I was in fucking tears at Coachella the first time I saw TV On The Radio (not nominated). Tears. They were that fucking good. I was visibly shaken when they were done and I hadn't even heard the second album yet. My first listen was right there. They were affecting. They left an impression. And in turn, made me a fan for life. You know why? Because its in their makeup. They are artists. No one's telling them that they need to do this or do that or wear Dolce and drink a Heineken. They come out to fucking blow your mind because it is art and they are artists. Art! Where is the art in a song called "Jesus Take The Wheel" (nominated x3)? Fuck, if the Grammys were a bus we would need Jesus driving it - get him behind the wheel quick! - because it's going off the road into a deep ravine next to the wreckage that is mainstream radio, major label record companies, and hair bands.

Inhale. Exhale. Breathe.

I'm going to lunch. Gonna listen to some Cloud Cult (not nominated, never going to be nominated, and they don't care). This new album is so good I don't know what to do with myself. I don't even know what genre it is. It's just Cloud Cult. Two classic albums one after the other. Talk about a fucking band that rocks. Live. In the studio. Just fucking rocks. And they do it all themselves. Write. Record. Produce. Ship. Shit, I wouldn't be surprised if they weave their t-shirts by hand. I don't know, maybe there's some person out there that flipped out when Beyonce performed. Maybe it literally ripped them to shreds inside to hear her hit every note. I was sitting there wondering if Jay-Z cheats on her. If he actually cheats on her. I was that non-plussed, unimpressed, unengaged. I was daydreaming, I was somewhere else entirely. I could, simply, care less about what was beaming through the cathode ray matrix of death.

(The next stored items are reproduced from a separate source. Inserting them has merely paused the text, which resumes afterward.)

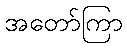
အတော်ကြာ
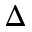
\Delta
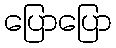
ပြောပြော
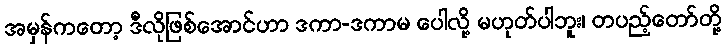
အမှန်ကတော့ ဒီလိုဖြစ်အောင်ဟာ ဒကာ-ဒကာမ ပေါလို့ မဟုတ်ပါဘူး၊ တပည့်တော်တို့
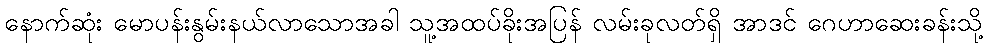
နောက်ဆုံး မောပန်းနွမ်းနယ်လာသောအခါ သူ့အထပ်ခိုးအပြန် လမ်းခုလတ်ရှိ အာဒင် ဂေဟာဆေးခန်းသို့
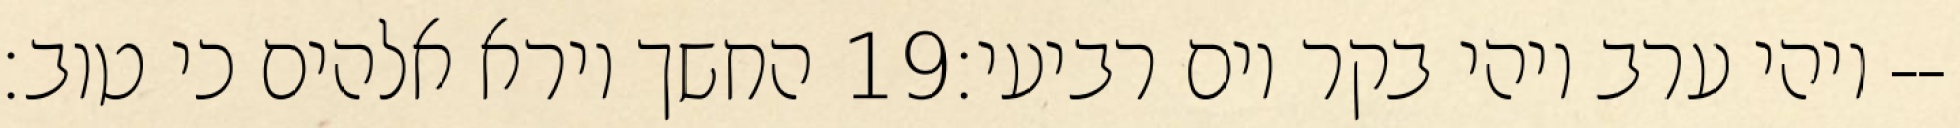
החשך וירא אלהים כי טוב׃ ‎19‏ ויהי ערב ויהי בקר יום רביעי׃--
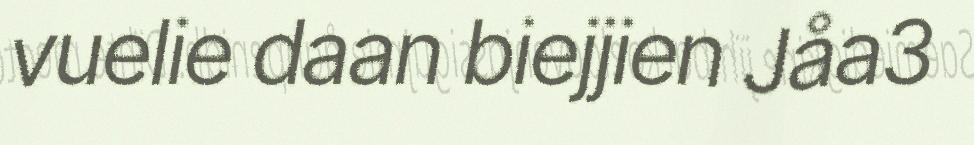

The really fucking scary thing is that a lot of people watching the Grammys that actually enjoyed it, were probably just as numb to it. Just as unengaged. Because that is what we do. We sit down in front of the TV and grow numb. We don't know what's good or what's bad. Because someone's going to make that decision for us. Fuck the war. Fuck the news. Fuck my job. Fuck the bills. Let's fucking disassociate through reality TV. Let's severe all ties with the living through sloth. If the shoe fits, your epitaph reads: "I heard it's Hollywood Week on American Idol. I'll watch. I've got nothing better to do."

2 comments:

Anonymous said...

just watch this

http://www.youtube.com/watch?v=42GjvWtiWzo

you will feel better...trust me

RC said...

wow...that was some of the longest 100 words I've ever read.

it doesn't really seem like you cared much for the grammys this year. the grammy's are so gooft because there's so many awards...it's overkill.